Progressives want a president who can combine these three models into something appropriate for the 21st century. There's no actual evidence whatsoever that we want a "liberal Bush," a "decider" who treats the Constitution like a joke.

More importantly, progressive critics of Obama actually understand pretty well the limitations on Obama's ability to produce change. Our criticism is that Obama is unwilling to do anything about it - and instead actively defends a flawed system.

The root of the problem in American politics is that our system has become deeply corrupt, with large corporations blocking innovation and economic recovery in defense of a failed status quo. Their primary tool is the United States Senate, which is a failed institution in need of radical reforms, if not outright abolition (which is impossible without writing a new Constitution).

The Senate is the great obstacle to the implementation of a progressive agenda. So why are progressives upset with Obama? Because he won't act like Bush and disregard the Constitution to ram his agenda through?

Hardly.
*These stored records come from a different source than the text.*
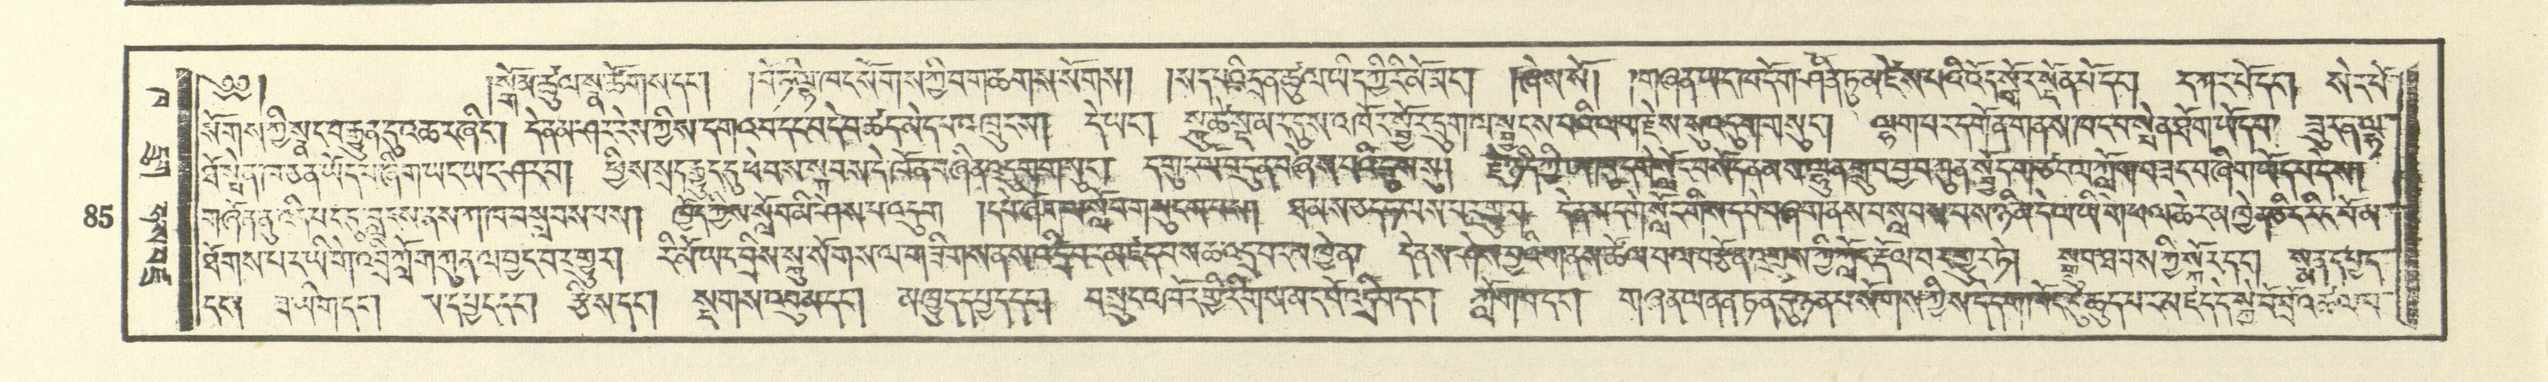༄༅། །སྒོམ་ཚུལ་སྣ་ཚོགས་དང་། །བོ་ཏི་ལྷ་ཁང་སོགས་ཀྱི་བག་ཆགས་སོགས། །སད་པའི་དྲན་ཚུལ་ཡིད་ཀྱི་རི་མོ་མང་། །ཞེས་སོ། །གཞན་ཡང་ཁ་དོག་ཤིན་ཏུ་མཛེས་པའི་འོད་སྒོར་སྔོན་པོ་དང་། དཀར་པོ་དང་། སེར་པོ་
སོགས་ཀྱི་སྣང་བ་རྒྱུན་དུ་འཆར་ཞིང་། དེ་ནམ་ཤར་རེས་ཀྱིས་དགའ་བ་དང་བདེ་བ་ཚད་མེད་པ་འཁྲུངས། དེ་ཡང་། སྐུ་ཚེ་སྔ་མར་དུས་འཁོར་སྦྱོར་དྲུག་ལ་སྦྱངས་པའི་ལག་རྗེས་སུ་འདུག་གསུང་། ལྷག་པར་དགོན་གནས་ཁང་པ་སྤེན་ཐོག་ཡོད་པ། ཟུར་ན་ལྷ་
ཐོ་སྤེན་ཁ་ཅན་ཡོད་པ་ཞིག་ཡང་ཡང་ཤར་བ། ཕྱིས་སྲད་རྒྱུད་དུ་ཕེབས་སྐབས་དེ་ཁོ་ན་བཞིན་འདུག་གསུངས། དགུང་ལོ་བདུན་བ་ཞེས་པའི་དུས་སུ། རྗེ་ཉིད་ཀྱི་ཨ་ཁུ་དགེ་སློང་བསོད་ནམས་ལྷུན་གྲུབ་བྱ་བ་ཀུན་སྤྱོད་གཙང་ལ་ཀློག་བཟང་བ་ཞིག་ཡོད་པ་དེས།
གཞོན་ནུ་འདི་པང་དུ་བླངས་ནས་ཀ་ཁ་བསླབས་པས། ཁྱོད་ཀྱིས་སློབ་མི་ཤེས་པ་འདུག །དཔེ་ཞོག་ལ་སློབ་གསུངས་པས། ཐམས་ཅད་ཧ་ལས་པར་གྱུར། དེ་ནས་དགེ་སློང་གིས་དཔེ་བཞག་ནས་བསླབས་པས་ཉི་མ་དེ་ལ་ཡི་གེ་ཕལ་ཆེར་མཁྱེན་ཅིང་རིང་པོ་མ་
ཐོགས་པར་ཡི་གེ་འབྲི་ཀློག་ཀུན་ལ་བྱང་བར་གྱུར། རི་མོ་ཡང་བྲིས་སྐུ་སོགས་ལ་གཟིགས་ནས་འདྲི་བར་མཛད་པས་ཆ་འདྲ་བར་མཁྱེན། དེ་ནས་ཤེས་བྱའི་གནས་ཚོལ་བ་ལ་བརྩོན་འགྲུས་ཀྱི་ཀློང་རྡོལ་བར་གྱུར་ཏེ། སྒྲུབ་ཐབས་ཀྱི་སྐོར་དང་། སྨན་དཔྱད་
དང༑ ཟ་ཡིག་དང་། ས་དཔྱད་དང་། རྩིས་དང་། སྔགས་འབུམ་དང་། མཁྱུད་དཔྱད་དང་། བསྲུང་འཁོར་གྱི་རིགས་མང་པོ་འདྲི་བ་དང་། ཀློག་པ་དང་། གཞན་ལ་ནན་ཏན་དུ་ཉན་པ་སོགས་ཀྱིས་དེ་དག་ཁོང་དུ་ཆུད་པར་མཛད་དེ་སྐྱེ་པོ་བྲོ་འཚལ་བ་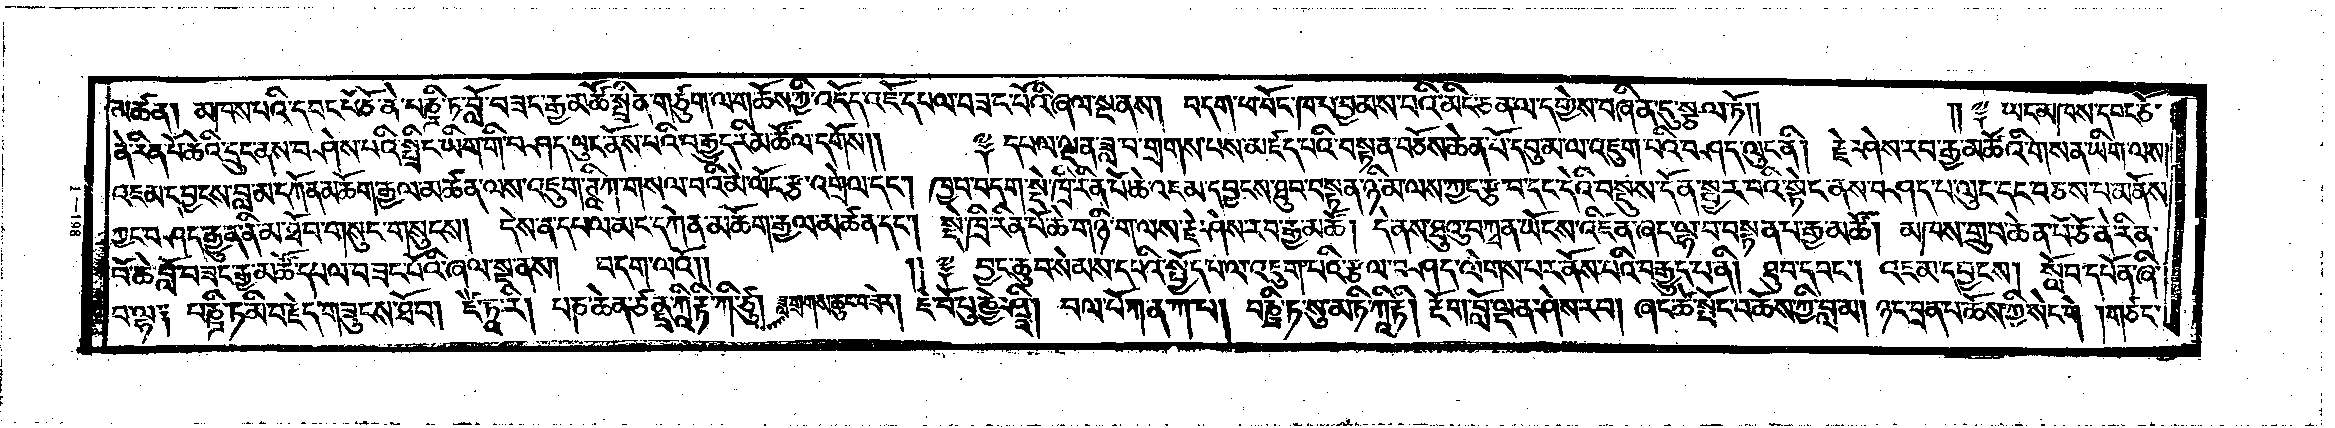མཚན། མཁས་པའི་དབང་པོ་ཅོ་ནེ་པཎྜི་ཏ་བློ་བཟང་རྒྱ་མཚོ་སྤྲིན་གཙུག་ལག་ཆོས་ཀྱི་འདོད་འཇོ་དཔལ་བཟང་པོའི་ཞལ་སྔ་ནས། བདག་ཕ་བོང་ཁ་པ་བྱམས་པའི་མིང་ཅན་ལ་དགྱེས་བཞིན་དུ་སྩལ་ཏོ།། །། ༈ ཡང་མཁས་དབང་ཅོ་
ནེ་རིན་པོ་ཆེའི་དྲུང་ནས་བཤེས་པའི་སྤྲིང་ཡིག་གི་བཤད་ལུང་ནོས་པའི་བརྒྱུད་རིམ་ཚོལ་དགོས།། ༈ དཔལ་ལྡན་ཟླ་བ་གྲགས་པས་མཛད་པའི་བསྟན་བཅོས་ཆེན་པོ་དབུ་མ་ལ་འཇུག་པའི་བཤད་ལུང་ནི། རྗེ་ཤེས་རབ་རྒྱ་མཚོའི་གསན་ཡིག་ལས།
འཇམ་དབྱངས་བླ་མ་དཀོན་མཆོག་རྒྱལ་མཚན་ལས་འཇུག་ཊཱིཀ་གསལ་བའི་མེ་ལོང་རྩ་འགྲེལ་དང་། ཁྱབ་བདག་སྡེ་ཁྲི་རིན་པོ་ཆེ་འཇམ་དབྱངས་ཐུབ་བསྟན་ཉི་མ་ལས་ཀྱང་རྩ་བ་དང་དེའི་བསྡུས་དོན་སྦྱར་བའི་སྟེང་ནས་བཤད་པ་ལུང་དང་བཅས་པ་མནོས་
ཀྱང་བཤད་རྒྱུན་ནི་མ་ཐོབ་གསུང་གསུངས། དེས་ན་དཔལ་མང་དཀོན་མཆོག་རྒྱལ་མཚན་དང་། སྡེ་ཁྲི་རིན་པོ་ཆེ་གཉི་ག་ལས་རྗེ་ཤེས་རབ་རྒྱ་མཚོ། དེ་ནས་ཐུའུ་བཀྭན་ཡོངས་འཛིན་ཞང་ལྷ་བ་བསྟན་པ་རྒྱ་མཚོ། མཁས་གྲུབ་ཆེན་པོ་ཅོ་ནེ་རིན་
པོ་ཆེ་བློ་བཟང་རྒྱ་མཚོ་དཔལ་བཟང་པོའི་ཞལ་སྔ་ནས། བདག་ལའོ།། །། ༈ བྱང་ཆུབ་སེམས་དཔའི་སྤྱོད་པ་ལ་འཇུག་པའི་རྩལ་བཤད་ལེགས་པར་ནོས་པའི་བརྒྱུད་པ་ནི། ཐུབ་དབང་། འཇམ་དབྱངས། སློབ་དཔོན་ཞི་
བ་ལྷ༑ པཎྜི་ཏ་མི་བརྗེད་གཟུངས་ཐོབ། ཛཻ་ཏཱ་རི། པཎ་ཆེན་ཙནྡྲ་ཀཱི་རྟི་ཀི་ཙུ། ཟླ་གྲགས་ཆུང་བ་ཟེར།  ཇེ་པོ་པུཎྱེ་ཤྲཱི། བལ་པོ་ཀ་ན་ཀ་པ། པཎྜི་ཏ་སུ་མ་ཏི་ཀཱི་རྟི། རྡོག་བློ་ལྡན་ཤེས་རབ། ཞང་ཚེ་སྤོང་བ་ཆོས་ཀྱི་བླ་མ། ཉང་བྲན་པ་ཆོས་ཀྱི་སེང་གེ། གཙང་

With the 20th century presidents as a model, progressives want Obama to use both the formal and informal powers at his disposal to address the dysfunctional Senate before it costs Democrats at the November election and jeopardizes Obama's own re-election, not to mention providing the economic recovery we so desperately need.

Instead, we see Obama not only doing nothing about the Senate, but actively collaborating with its worst actors to reinforce its worst tendencies. Instead of making the case to the American people for change, Obama makes the case to the American people for business as usual.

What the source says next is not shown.